#### [Aim of the exercise]
Copy out the data below. Keep every word as it is.

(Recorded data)
---*---

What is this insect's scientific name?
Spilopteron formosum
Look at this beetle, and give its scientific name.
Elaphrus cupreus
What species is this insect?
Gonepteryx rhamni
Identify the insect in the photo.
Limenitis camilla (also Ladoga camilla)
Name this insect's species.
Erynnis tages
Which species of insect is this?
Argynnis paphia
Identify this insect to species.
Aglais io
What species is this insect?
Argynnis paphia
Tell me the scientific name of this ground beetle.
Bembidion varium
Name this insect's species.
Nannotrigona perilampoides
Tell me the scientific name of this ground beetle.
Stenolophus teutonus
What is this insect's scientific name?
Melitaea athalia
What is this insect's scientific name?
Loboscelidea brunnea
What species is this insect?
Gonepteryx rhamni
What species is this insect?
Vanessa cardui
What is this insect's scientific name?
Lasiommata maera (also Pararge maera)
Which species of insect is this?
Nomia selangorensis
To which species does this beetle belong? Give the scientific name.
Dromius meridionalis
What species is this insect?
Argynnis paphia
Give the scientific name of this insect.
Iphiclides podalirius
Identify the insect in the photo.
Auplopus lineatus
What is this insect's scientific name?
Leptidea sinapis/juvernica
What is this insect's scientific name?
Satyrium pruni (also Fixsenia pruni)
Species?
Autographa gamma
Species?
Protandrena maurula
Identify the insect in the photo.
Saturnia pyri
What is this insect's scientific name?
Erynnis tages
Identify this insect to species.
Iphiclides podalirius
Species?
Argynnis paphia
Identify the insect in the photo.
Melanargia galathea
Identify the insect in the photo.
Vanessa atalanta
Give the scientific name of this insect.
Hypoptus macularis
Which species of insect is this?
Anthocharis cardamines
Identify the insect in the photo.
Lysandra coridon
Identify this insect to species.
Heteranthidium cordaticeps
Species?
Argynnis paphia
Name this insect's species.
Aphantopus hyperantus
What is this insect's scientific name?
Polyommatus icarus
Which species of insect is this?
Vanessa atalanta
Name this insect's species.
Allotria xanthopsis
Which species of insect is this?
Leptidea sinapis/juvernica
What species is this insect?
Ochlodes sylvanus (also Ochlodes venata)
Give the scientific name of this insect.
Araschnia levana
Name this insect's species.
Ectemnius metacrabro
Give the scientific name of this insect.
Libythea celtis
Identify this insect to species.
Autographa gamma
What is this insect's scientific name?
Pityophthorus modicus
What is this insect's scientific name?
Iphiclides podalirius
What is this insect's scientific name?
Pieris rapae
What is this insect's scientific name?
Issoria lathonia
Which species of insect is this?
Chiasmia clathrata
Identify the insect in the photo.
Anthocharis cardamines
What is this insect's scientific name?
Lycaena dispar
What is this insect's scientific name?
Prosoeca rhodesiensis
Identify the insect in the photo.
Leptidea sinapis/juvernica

---*---

#### [Reply to the exercise]
What is this insect's scientific name?
Spilopteron formosum
Look at this beetle, and give its scientific name.
Elaphrus cupreus
What species is this insect?
Gonepteryx rhamni
Identify the insect in the photo.
Limenitis camilla (also Ladoga camilla)
Name this insect's species.
Erynnis tages
Which species of insect is this?
Argynnis paphia
Identify this insect to species.
Aglais io
What species is this insect?
Argynnis paphia
Tell me the scientific name of this ground beetle.
Bembidion varium
Name this insect's species.
Nannotrigona perilampoides
Tell me the scientific name of this ground beetle.
Stenolophus teutonus
What is this insect's scientific name?
Melitaea athalia
What is this insect's scientific name?
Loboscelidea brunnea
What species is this insect?
Gonepteryx rhamni
What species is this insect?
Vanessa cardui
What is this insect's scientific name?
Lasiommata maera (also Pararge maera)
Which species of insect is this?
Nomia selangorensis
To which species does this beetle belong? Give the scientific name.
Dromius meridionalis
What species is this insect?
Argynnis paphia
Give the scientific name of this insect.
Iphiclides podalirius
Identify the insect in the photo.
Auplopus lineatus
What is this insect's scientific name?
Leptidea sinapis/juvernica
What is this insect's scientific name?
Satyrium pruni (also Fixsenia pruni)
Species?
Autographa gamma
Species?
Protandrena maurula
Identify the insect in the photo.
Saturnia pyri
What is this insect's scientific name?
Erynnis tages
Identify this insect to species.
Iphiclides podalirius
Species?
Argynnis paphia
Identify the insect in the photo.
Melanargia galathea
Identify the insect in the photo.
Vanessa atalanta
Give the scientific name of this insect.
Hypoptus macularis
Which species of insect is this?
Anthocharis cardamines
Identify the insect in the photo.
Lysandra coridon
Identify this insect to species.
Heteranthidium cordaticeps
Species?
Argynnis paphia
Name this insect's species.
Aphantopus hyperantus
What is this insect's scientific name?
Polyommatus icarus
Which species of insect is this?
Vanessa atalanta
Name this insect's species.
Allotria xanthopsis
Which species of insect is this?
Leptidea sinapis/juvernica
What species is this insect?
Ochlodes sylvanus (also Ochlodes venata)
Give the scientific name of this insect.
Araschnia levana
Name this insect's species.
Ectemnius metacrabro
Give the scientific name of this insect.
Libythea celtis
Identify this insect to species.
Autographa gamma
What is this insect's scientific name?
Pityophthorus modicus
What is this insect's scientific name?
Iphiclides podalirius
What is this insect's scientific name?
Pieris rapae
What is this insect's scientific name?
Issoria lathonia
Which species of insect is this?
Chiasmia clathrata
Identify the insect in the photo.
Anthocharis cardamines
What is this insect's scientific name?
Lycaena dispar
What is this insect's scientific name?
Prosoeca rhodesiensis
Identify the insect in the photo.
Leptidea sinapis/juvernica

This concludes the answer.